SQMS Center

Materials for 2D and 3D quantum devices

Our goals: Understand and mitigate the key limiting mechanism of coherence in superconducting qubits, such as losses in two-level systems in oxides, non-thermal quasiparticles, and the bulk substrate.

• Demonstrate a jump of at least an order of magnitude in coherence times with superconducting 2D transmons with coherence up to miliseconds, along with a decrease in performance spread to enable the high coherence multiqubit processors.
• Demonstrate SRF cavities with coherence times up to tens of seconds.

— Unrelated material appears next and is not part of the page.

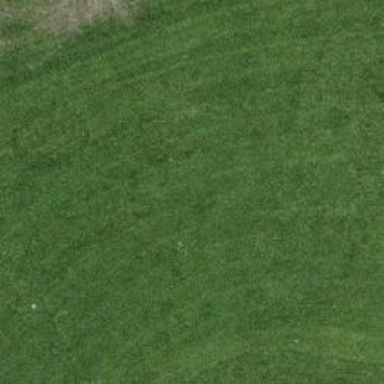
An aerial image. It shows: Golf hole.

The SQMS collaboration has launched the largest systematic investigation into the origin of decoherence of materials. By studying performance differences of state-of-the-art qubits with the world’s most advanced materials and superconducting characterization techniques, together with modeling efforts, the Center is building a hierarchy of loss mechanisms that informs how to fabricate the next generation of high-coherence qubits and processors.

As an example, SQMS scientists used time-of-flight secondary ion mass spectrometry, ToF-SIMS, for the first time to reveal impurities such as oxygen, hydrogen, carbon, chlorine, fluorine, sodium, magnesium, and calcium by building a three-dimensional reconstruction of the qubit at the atomic level. This technique involves bombarding ions at a qubit to chip away at it. The resultant ions ejected from the qubit are detected with part-per-million sensitivities. As another example, by employing techniques such as electron microscopy, atomic force microscopy, and x-ray diffraction for the first time at cryogenic temperatures to analyze qubits, we have identified new features such as nano-hydride formation as one of the factors that reduce coherence times. Various other advanced characterization techniques applied to state of the art transmon qubits have shed light on several important sources of decoherence in oxides, interfaces and substrates.

The Nanofabrication Taskforce

The advances in the understanding of sources of decoherence from the materials’ efforts guide the development of new processes for quantum device fabrication. SQMS has established the first national Nanofabrication Taskforce, bringing together qubit fabrication experts from Fermilab, NIST, Northwestern, and Rigetti Computing. This taskforce focuses on making devices with new standard processes and verifying the reproducibility of results across four different state-of-the-art foundries. Results include newly developed innovative fabrication techniques, such as niobium surface encapsulation and silicon surface passivation, which have systematically improved the performance of transmon qubits to world-leading values.